5. EXPERIMENTAL PROCEDURE

   1. MIX PROPORTIONING AND CASTING

      On the basis of concrete mix design by IS:10262-2009, we had prepared three trial mixes with constant water- cement ratio which is 0.50. For each mix six cubes were cast and

      tested at 7 and 28 days. For trial number-3, the compressive strength obtained was slightly above the target mean strength. Thus, this mix was adopted for the further study and its proportioning is given below:

      The complete procedure was adopted as per IS: 516-1999 in making and casting operation. The materials used were weight accurately before casting.

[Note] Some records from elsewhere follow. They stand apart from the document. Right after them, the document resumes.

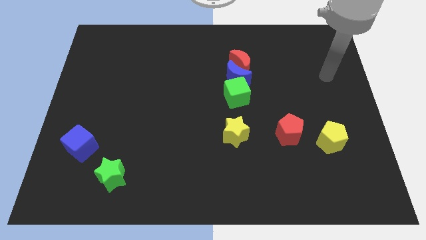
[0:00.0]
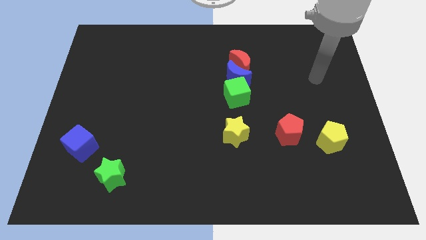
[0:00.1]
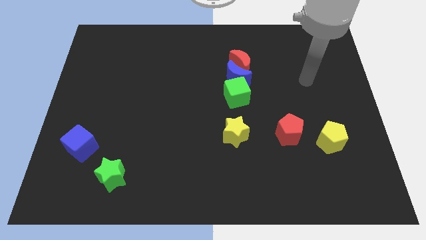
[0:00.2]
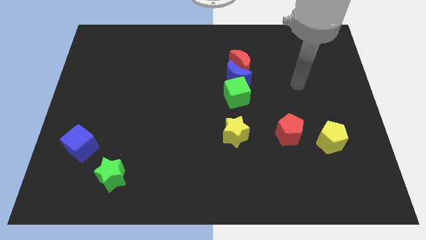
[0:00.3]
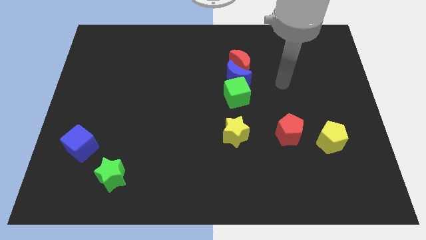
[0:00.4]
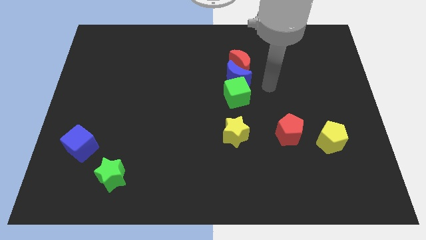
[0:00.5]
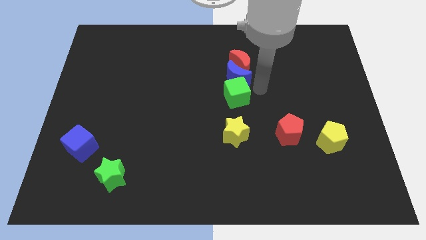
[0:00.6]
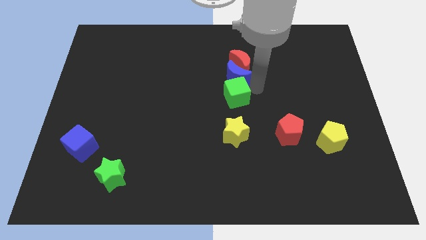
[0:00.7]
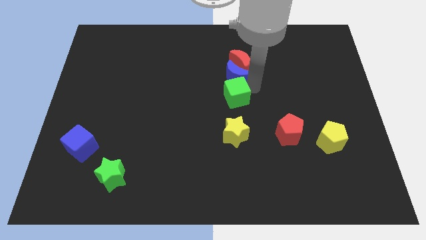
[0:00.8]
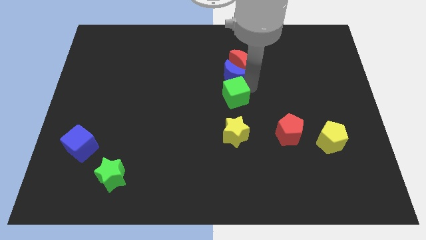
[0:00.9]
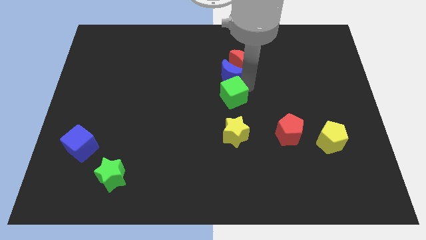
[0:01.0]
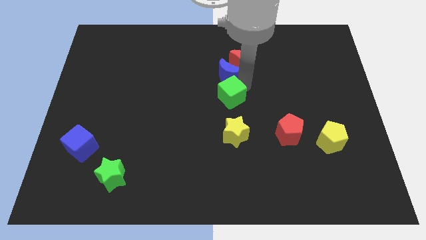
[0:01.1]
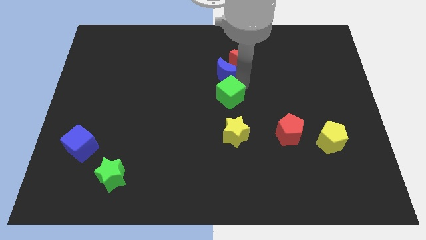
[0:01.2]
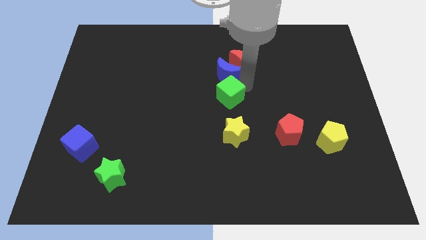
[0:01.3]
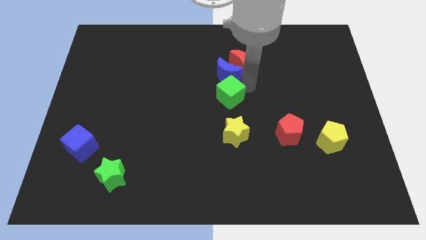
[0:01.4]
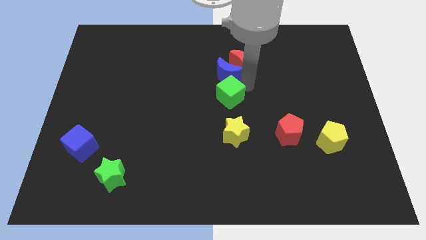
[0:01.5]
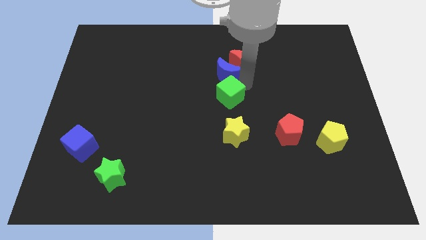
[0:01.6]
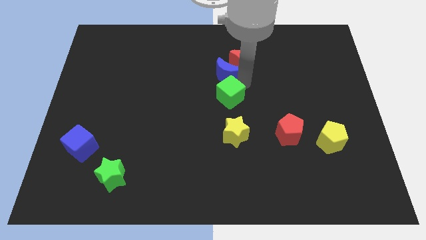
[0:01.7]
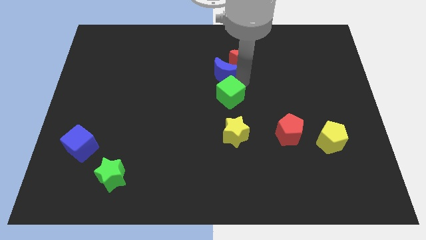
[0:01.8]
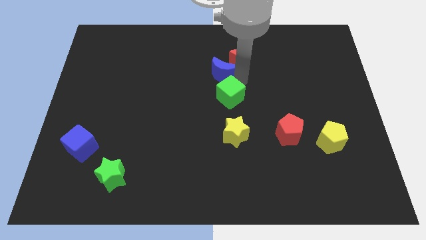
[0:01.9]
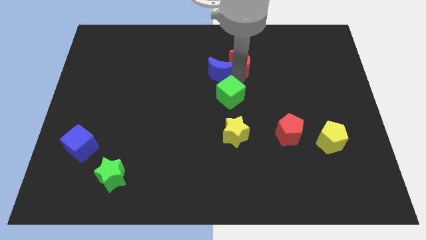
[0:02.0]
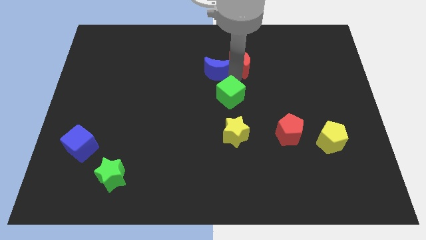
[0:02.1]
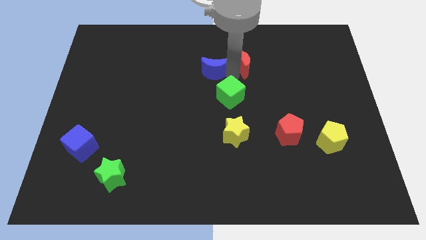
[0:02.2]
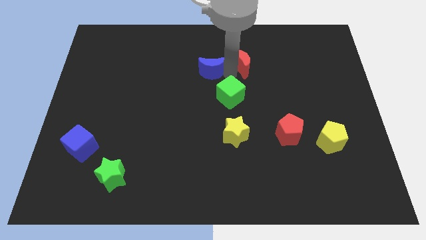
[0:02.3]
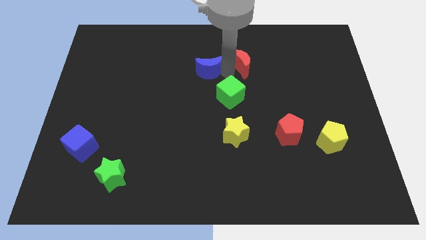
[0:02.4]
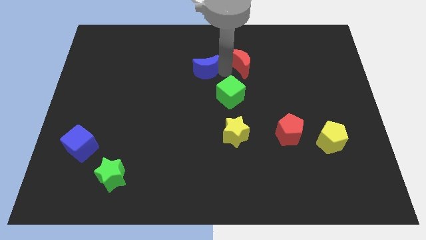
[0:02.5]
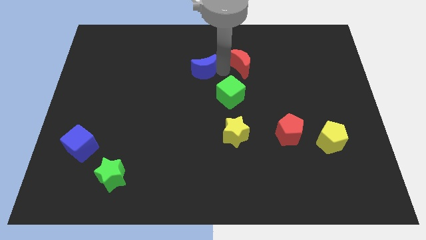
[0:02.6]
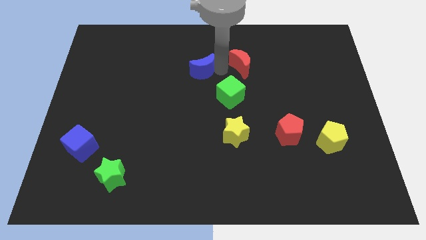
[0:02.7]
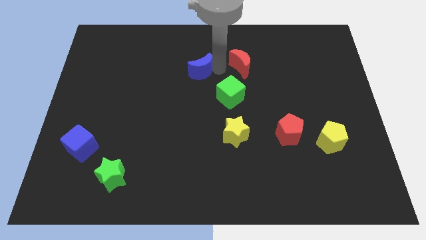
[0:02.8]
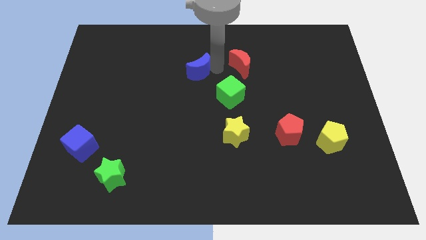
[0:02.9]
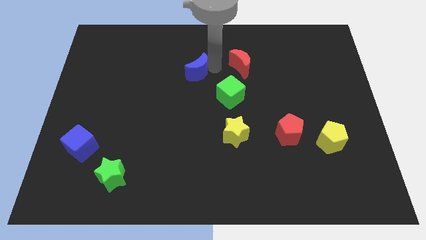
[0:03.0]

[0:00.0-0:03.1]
separate the blue moon from the red moon and green cube

      MIX PROPORTIONING AS PER IS: 10262:2009

      Cement	390 kg/m3
      Water	195 kg/m3
      Fine aggregates	610.10 kg/m3
      Coarse aggregates	1073.43 kg/m3
      Water cement ratio	0.50

   2. TESTING AND RESULTS 5.2.1COMPRESSIVE STRENGTH TEST

   The specimen were cube of the size (150mmX150mmX150mm), which were moist cured for 7, 28 and 56 days and tested immediately after removal from water and its surface water was wiped off. The specimen were tested on 100 tonne capacity universal testing machine. The load was applied gradually without shock till failure of specimen occurred. Thus, load at failure was noted down and compressive strength was found out.

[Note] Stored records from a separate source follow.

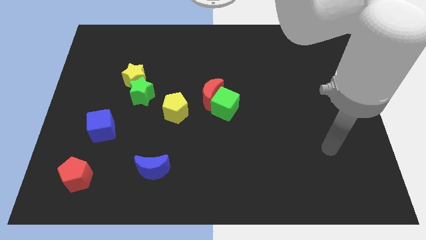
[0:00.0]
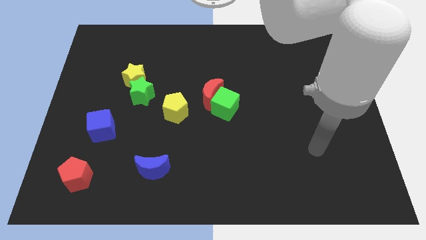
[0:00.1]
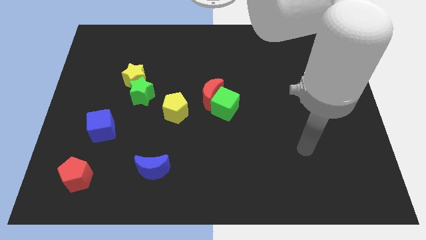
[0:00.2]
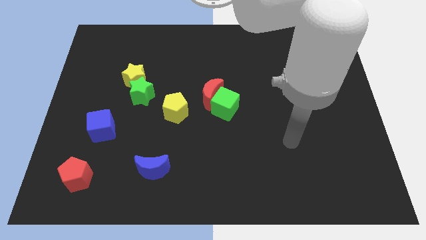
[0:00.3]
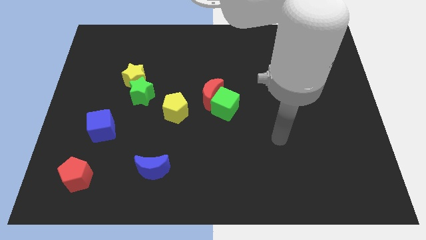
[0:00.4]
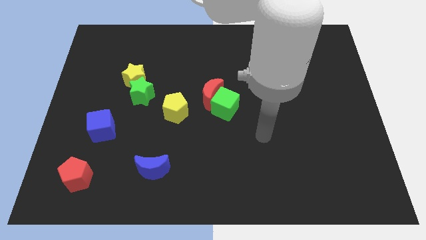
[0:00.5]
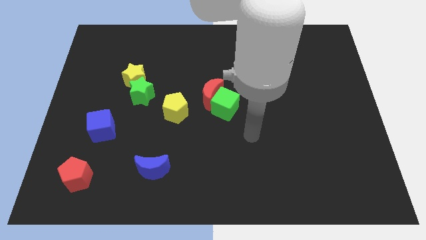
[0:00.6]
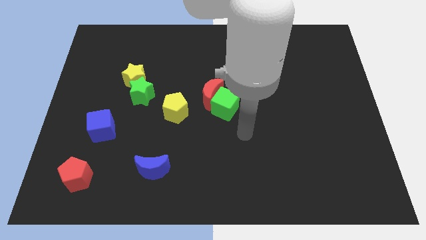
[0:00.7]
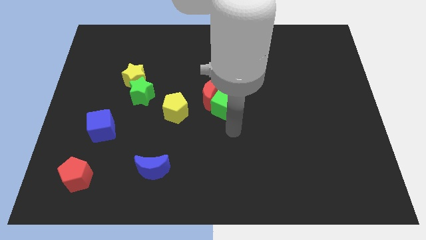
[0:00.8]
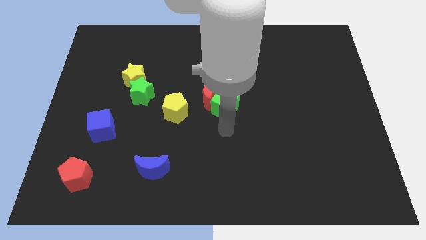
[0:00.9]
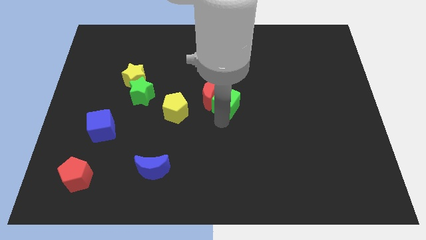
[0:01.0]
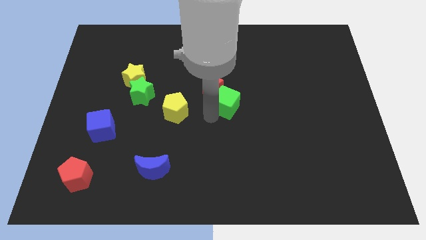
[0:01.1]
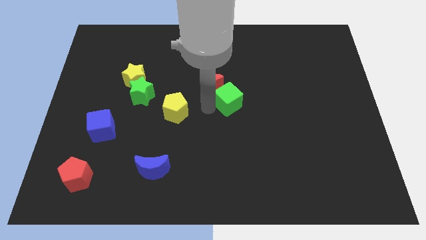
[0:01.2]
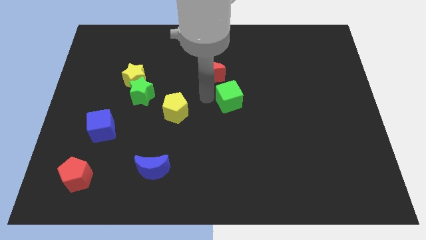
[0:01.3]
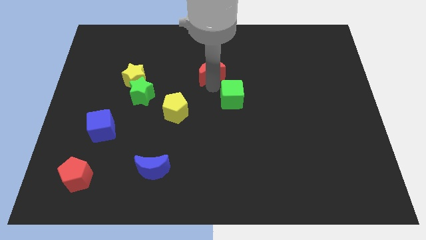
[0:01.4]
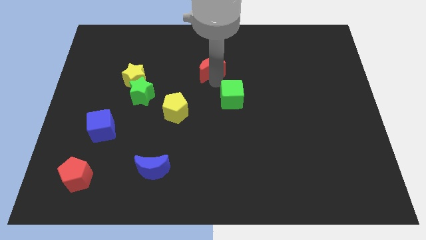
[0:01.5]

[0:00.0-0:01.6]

   5.2.2 BOND STRENGTH TEST

   The cylindrical specimen of size (100mmX 200mm), with embedded length of 200mm were removed from curing tank at the age of 7, 28 and 56 days and tested immediately after the removal from the tank. The test was conducted as per IS: 2770 (part I)-1967. The specimen was mounted in the machine UTM and load was applied so that bar is pulled axially from cylinder till pull out failure occur. Thus, load of failure and bond strength was founded.

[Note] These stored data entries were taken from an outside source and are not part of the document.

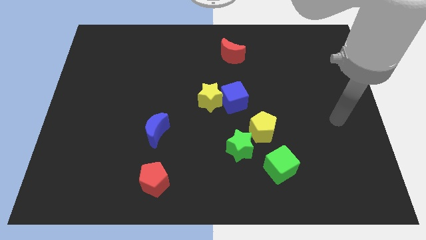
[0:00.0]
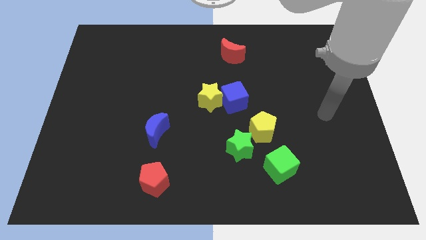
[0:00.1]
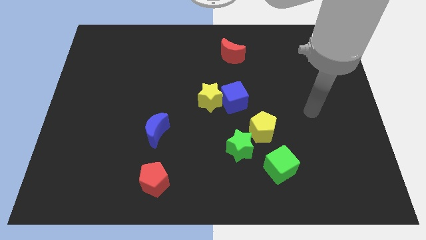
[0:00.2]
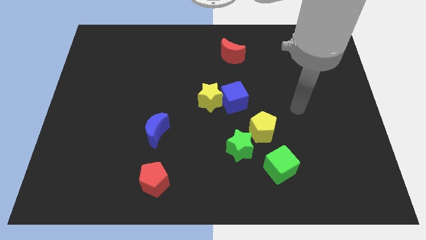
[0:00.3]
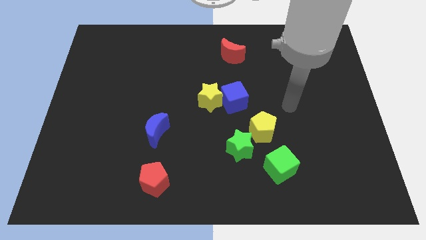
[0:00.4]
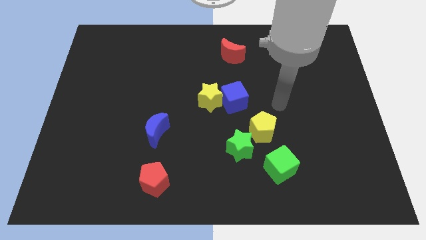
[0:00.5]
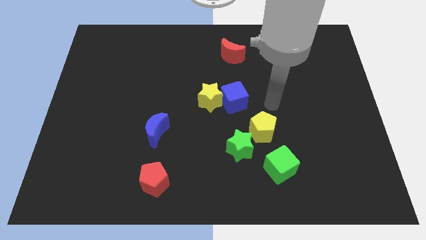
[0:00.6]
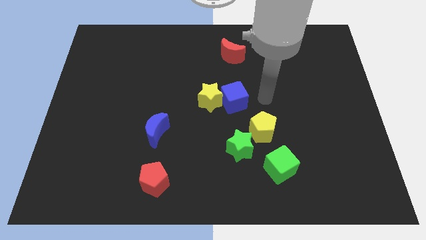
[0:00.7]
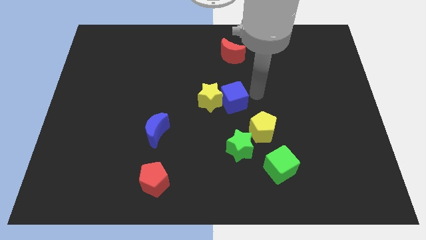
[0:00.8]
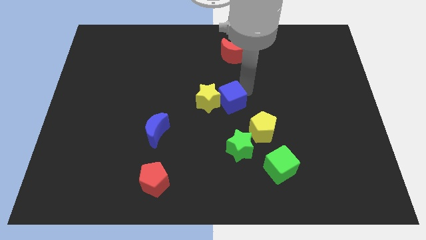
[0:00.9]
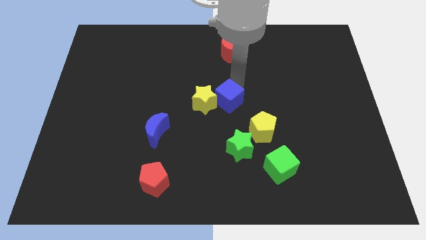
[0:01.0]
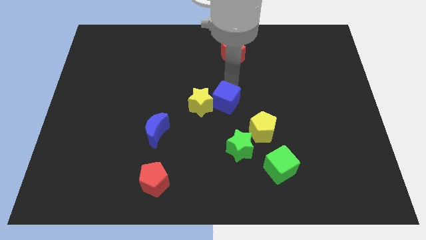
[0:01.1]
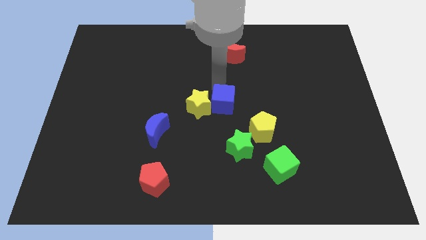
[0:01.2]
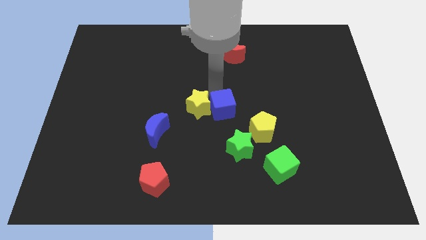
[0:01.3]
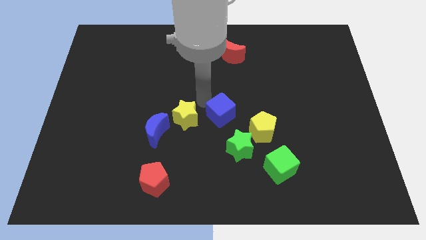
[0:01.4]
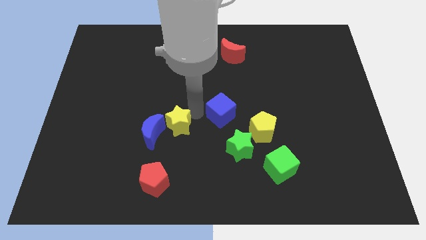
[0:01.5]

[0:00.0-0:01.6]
pull the blue cube apart from the yellow star

   TABLE 1. VARIATION OF COMPRESSIVE STRENGTH WITH AGE (CEMENT REPLACED BY FLY ASH AND FIBERS) SIZE OF THE SPECIMEN = 150MMX150MMX150MM

   Mix Designation	% Replacement by Fly ash	% Replacement by Fiber	Compressive strength for 7 Days ( N/mm2)	Compressive strength for 28 Days N/mm2)	Compressive strength for 56 Days (N/mm2)
   M0	0	0	23.71	34.87	38.41
   M1	40	0	15.60	23.36	26.43
   M2	50	0	11.25	17.01	19.79
   M3	40	0.20	16.18	24.23	27.38
   M4	40	0.35	16.77	24.98	28.87
   M5	40	0.50	17.44	26.09	29.65
   M6	50	0.20	11.77	17.92	20.71
   M7	50	0.35	12.50	18.62	21.59
   M8	50	0.50	12.78	19.27	22.32

   TABLE 2.VARIATION OF BOND STRENGTH WITH AGE (CEMENT REPLACED BY FLY ASH AND FIBERS)SIZE OF THE SPECIMEN = 100MMX200MM, EMBEDDED LENGTH = 200MM

   Mix Designation	% Replacement by Fly ash	% Replacement by Fiber	Bond strength for 7 Days ( N/mm2)	Bond strength for 28 Days N/mm2)	Bond strength for 56 Days (N/mm2)
   M0	0	0	3.17	4.59	5.09
   M1	40	0	2.14	3.20	3.57
   M2	50	0	1.65	2.45	2.87
   M3	40	0.20	2.30	3.31	3.81
   M4	40	0.35	2.25	3.41	3.81
   M5	40	0.50	2.45	3.65	4.15
   M6	50	0.20	1.76	2.62	3.05
   M7	50	0.35	1.78	2.62	3.14
   M8	50	0.50	1.93	2.86	3.32

6. CONCLUSION

The following conclusions can be drawn on the basis of present study:

1. With the increase in cement replacement with fly ash, the compressive strength was observed to decrease. However, at each level of replacement an increase in compressive strength was observed with the increase in age.

2. Fly ash concrete upto 40% of cement replacement with fly ash is good enough in terms of compressive strength to be used for most structural applications.

3. On addition of fibers to fly ash to concrete mixes, only marginal increase in compressive strength was observed.

4. With increase in replacement level of cement content in fly ash, bond strength tends to increase. However, addition of fibers has resulted in improvement of bond strength.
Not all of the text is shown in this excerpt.